Adapun sejak masuk ke Indonesia pada 2013 hingga 2017, pengguna Bitcoin telah mencapai 500.000 pengguna. Angka pengguna Bitcoin tersebut memang tergolong kecil jika menilik angka penduduk Indonesia yang terkoneksi internet sebanyak 132 juta orang.

Meski angka penggunanya kecil, nilai transaksi hariannya cukup fantastis, mencapai US$10 juta. Saat ini telah bermunculan situs jual-beli Bitcoin seperti Bitcoin.co.id, Triv.co.id, Emoney.co.id, dan lain sebagainya. Namun, kebijakan BI memang sudah menggoyang para pemain Bitcoin lokal. Dua platform pembayaran, Toko Bitcoin dan Bitbayar, gulung tikar menyusul tekanan pemerintah. BitBayar, berhenti beroperasi per 1 November, mengklaim telah menggandeng 1.636 merchant yang menerima pembayaran dengan BitCoin.

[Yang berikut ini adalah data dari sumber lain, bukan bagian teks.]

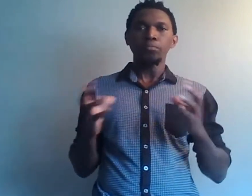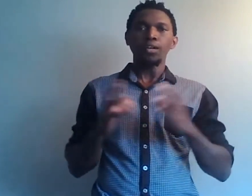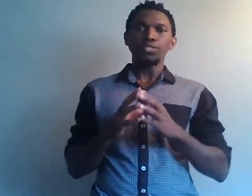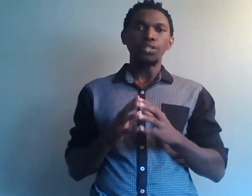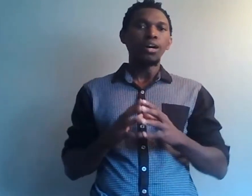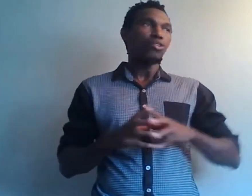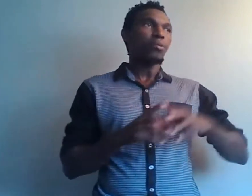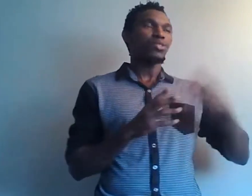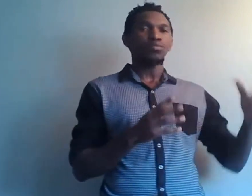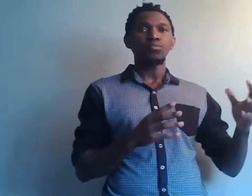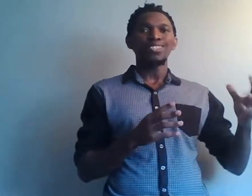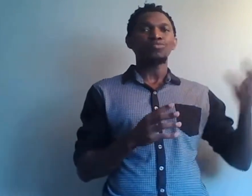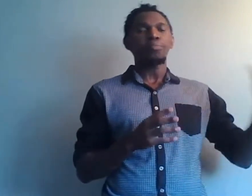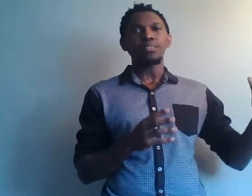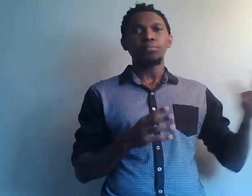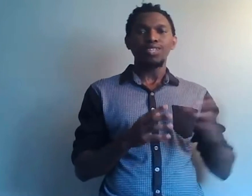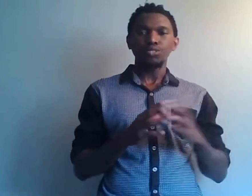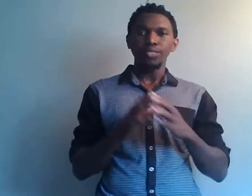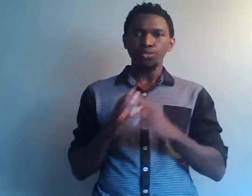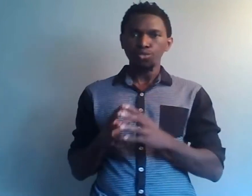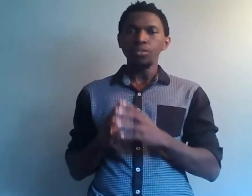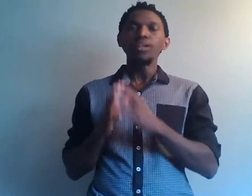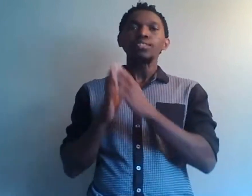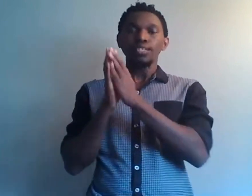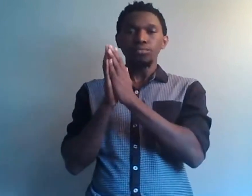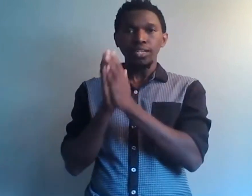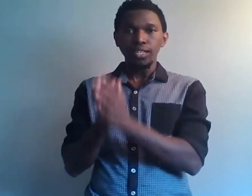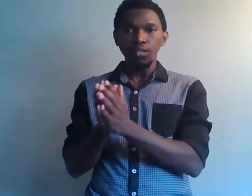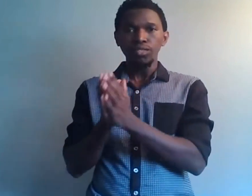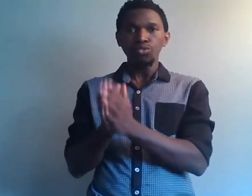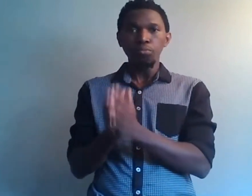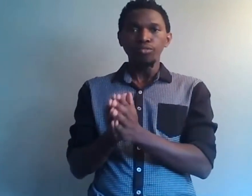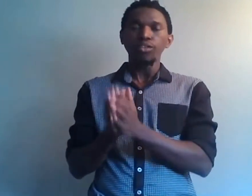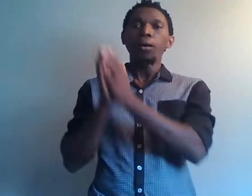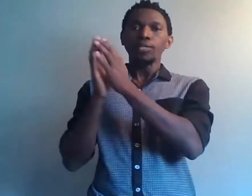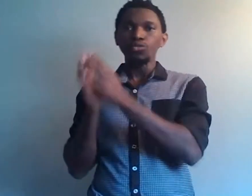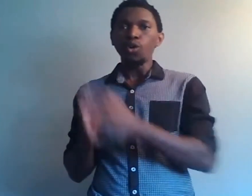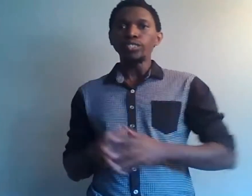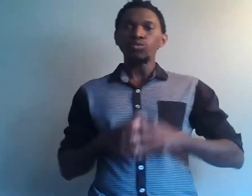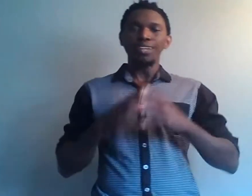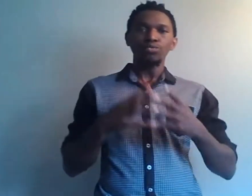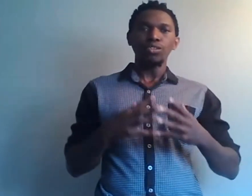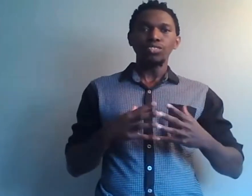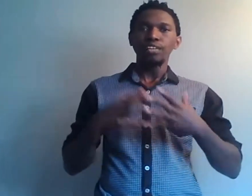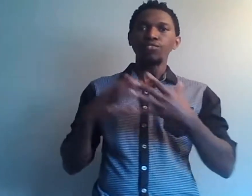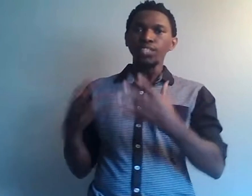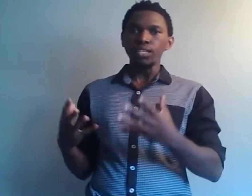pour l'argent, non, le lendemain me disait, je ne veux pas ça pour l'argent, mais c'est justement, c'est l'exemple à quel on est toujours pauvre. Parce qu'on a toujours tendance à éviter

Pendiri situs jual-beli Bitcoin.co.id, Oscar Darmawan, mengaku tidak khawatir mendengar regulasi BI. Oscar mengatakan transaksi Bitcoin di Indonesia masih tergolong rendah, hanya sekira 4 persen dari total transaksi dunia. Namun seiring waktu angka itu terus meningkat. Dia yakin regulasi bank sentral nantinya tidak terlalu berpengaruh karena sifat Bitcoin yang universal.

“Analoginya gampang, misalnya Indonesia enggak menerima emas, tapi di negara lain transaksi emas dihargai tinggi. Aset seperti Bitcoin atau emas kan tidak mengenal batas negara,” ujar Oscar saat dihubungi VICE Indonesia.

Melihat sifat Bitcoin yang bebas dari campur tangan otoritas keuangan, tampaknya perang yang dikobarkan BI tak akan berujung kemenangan. Bitcoin adalah mata uang yang tak bisa diatur oleh bank sentral manapun, termasuk oleh negara sekelas Cina yang selama ini sudah mengembangkan 'tembok besar' sensor internet sekalipun.